= Kathleen Wood-Legh =

Canadian historian (1901–1981)

Kathleen Louise Wood-Legh (1901–1981) was a Canadian historian, specialising in medieval social and economic history.

== Life ==
Born in Mount Forest, Ontario, Kathleen Wood-Legh was blind from childhood. After completing a BA in 1923 and an MA in 1924, both at McGill University, she travelled to England with her family for further study. In 1926 she began a PhD at Newnham College under the supervision of G.G. Coulton on church life in medieval England, completed in 1932. Despite glowing references from G.M. Trevelyan, she was unable to secure a permanent academic position and became a tutor and supervisor for undergraduate students at the University of Cambridge.
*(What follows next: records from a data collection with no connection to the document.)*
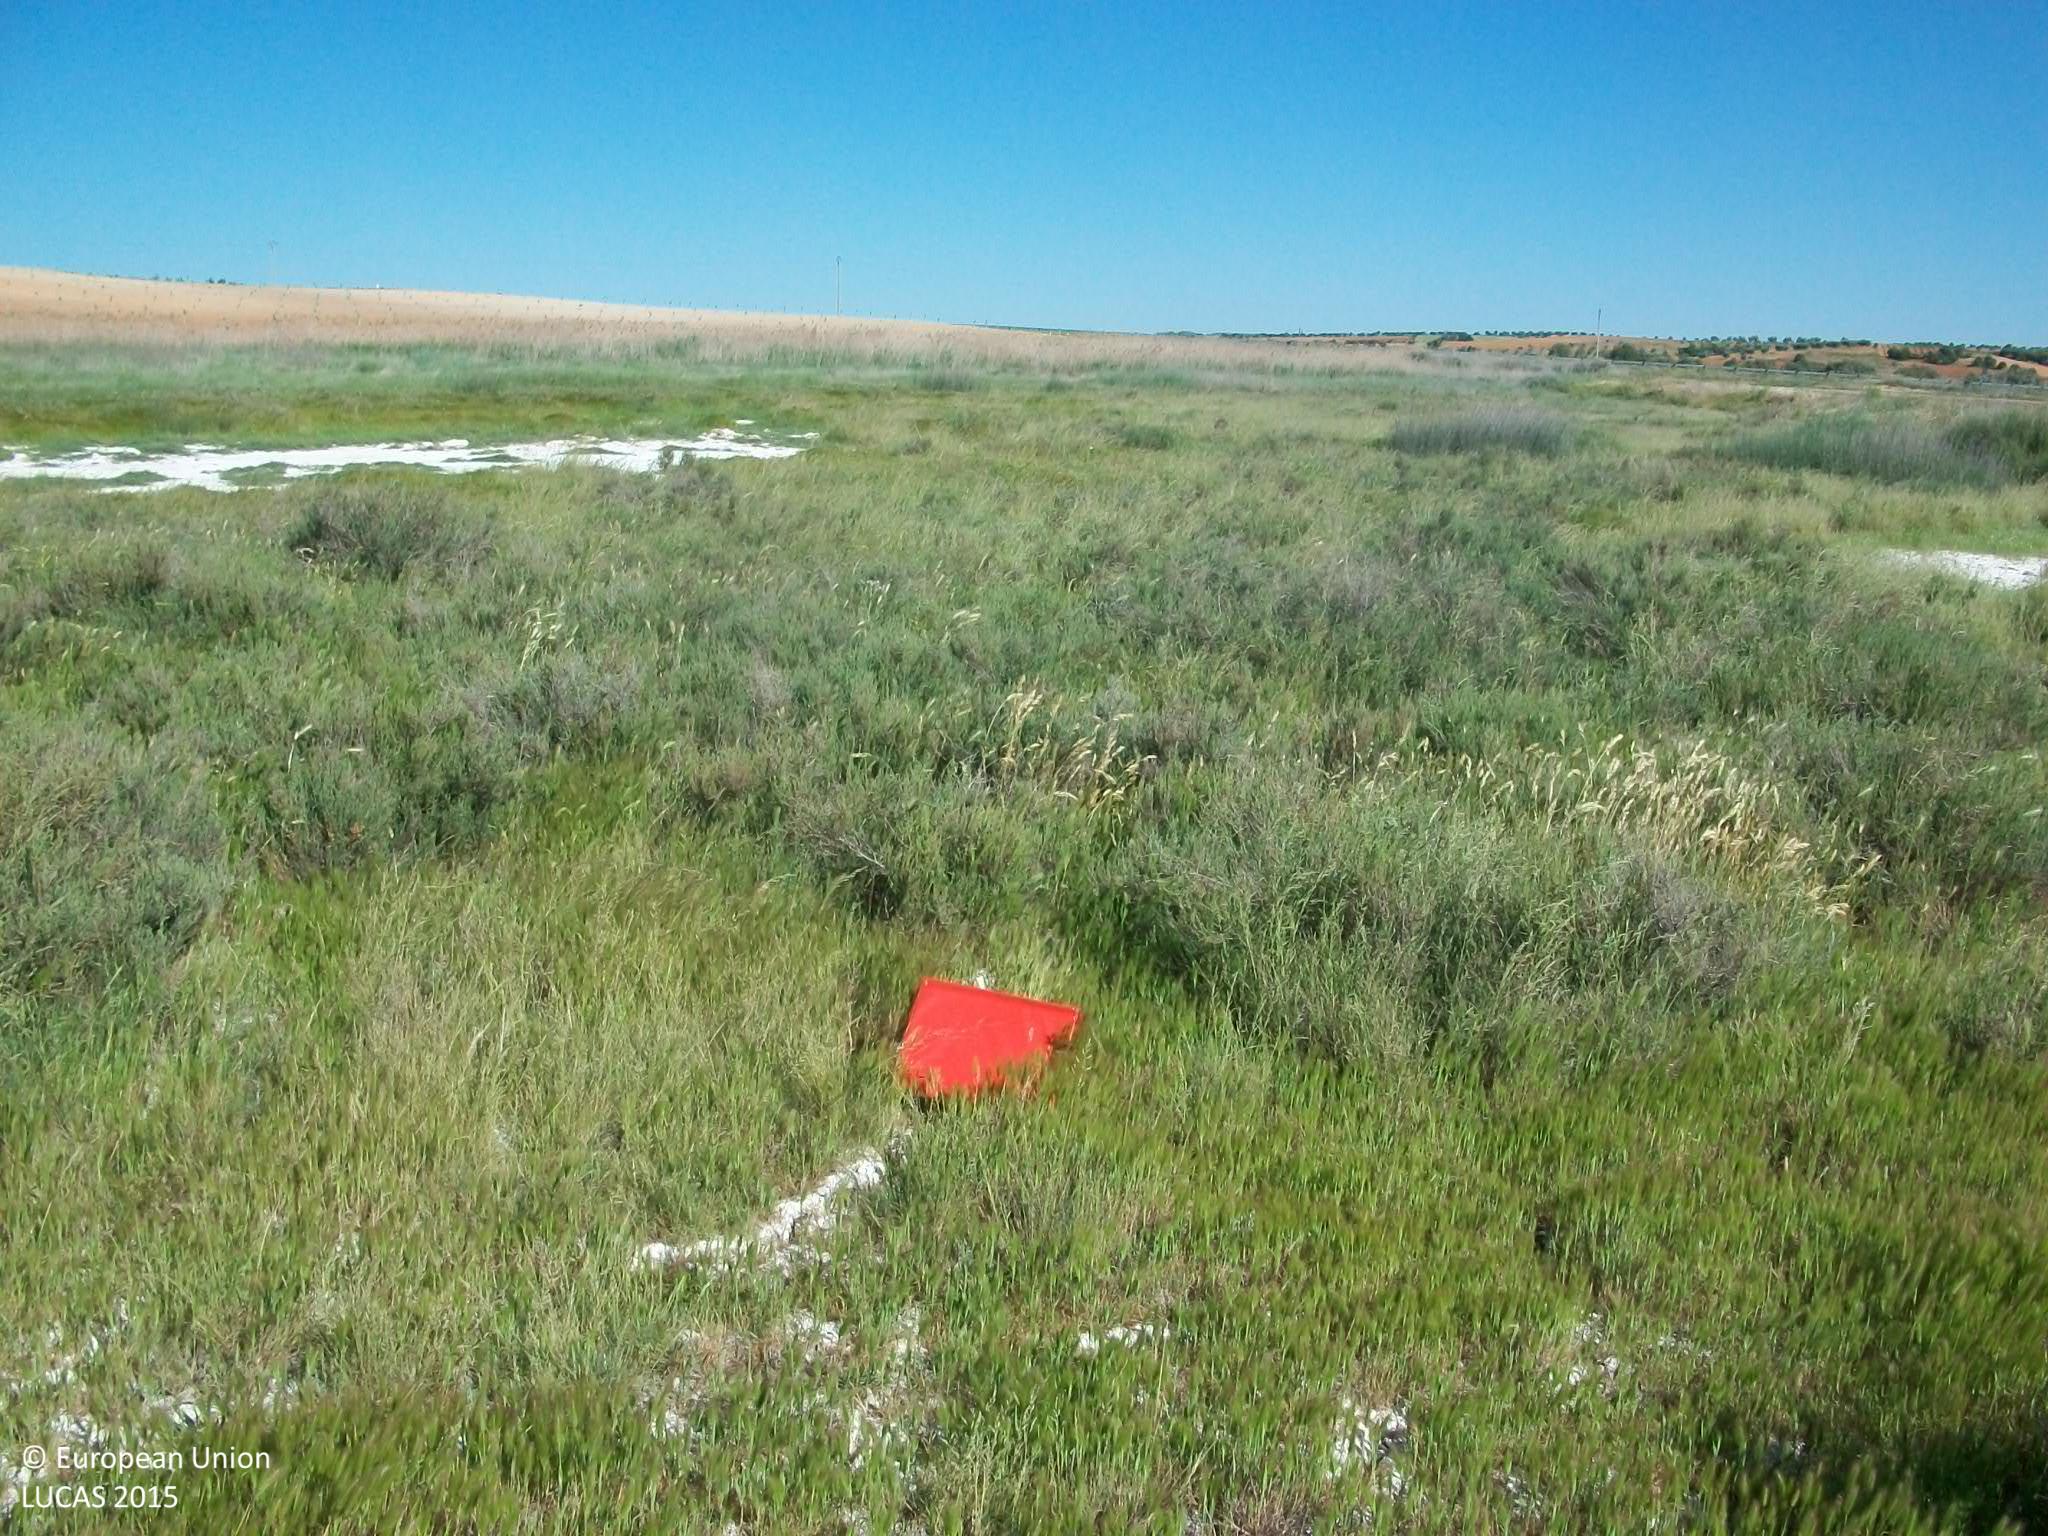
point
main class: Grassland
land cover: Spontaneously vegetated surfaces
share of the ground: > 75 %
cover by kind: herbaceous plants 90 %, unconsolidated bare surface 10 %
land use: Semi-natural and natural areas not in use
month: May
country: ES
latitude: 39.8406
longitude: -3.6435

In 1938 she played a leading role in a number of refugee committees, including the Cambridge Refugee Committee, which helped scholars at threat from the expansion of Nazi Germany, and the Cambridge Children’s Refugee Committee, which found homes for displaced Jewish children. With Anna McClean Bidder, in 1950 she was a founding member of the Society of Women Members of the Regent House who are not Fellows of Colleges, better known as the Dining Group. This informal group of female scholars at Cambridge became the nucleus for Lucy Cavendish College, established in 1965. Wood-Legh wrote the constitution of the new college, becoming a fellow.

She was awarded a Litt.D in 1967. She died in Cambridge in 1981.

== Work ==
Wood-Legh's work on later medieval religious life remains influential to this day. Her key publications include:

- Studies in Church Life in England under Edward III (1934). Based on her PhD thesis.
- Perpetual Chantries in Britain (1965). Based on the series of Birkbeck lectures she delivered in 1955.
- (ed.) Kentish Visitations of Archbishop William Warham and his deputies, 1511-1512 (1984).

== Legacy ==
She is commemorated by the Wood-Legh Room in Lucy Cavendish College, and by the Wood-Legh Prize, awarded by the University of Cambridge Faculty of History for the best dissertation in the MPhil in Medieval History. Her papers are held by Cambridge University Library.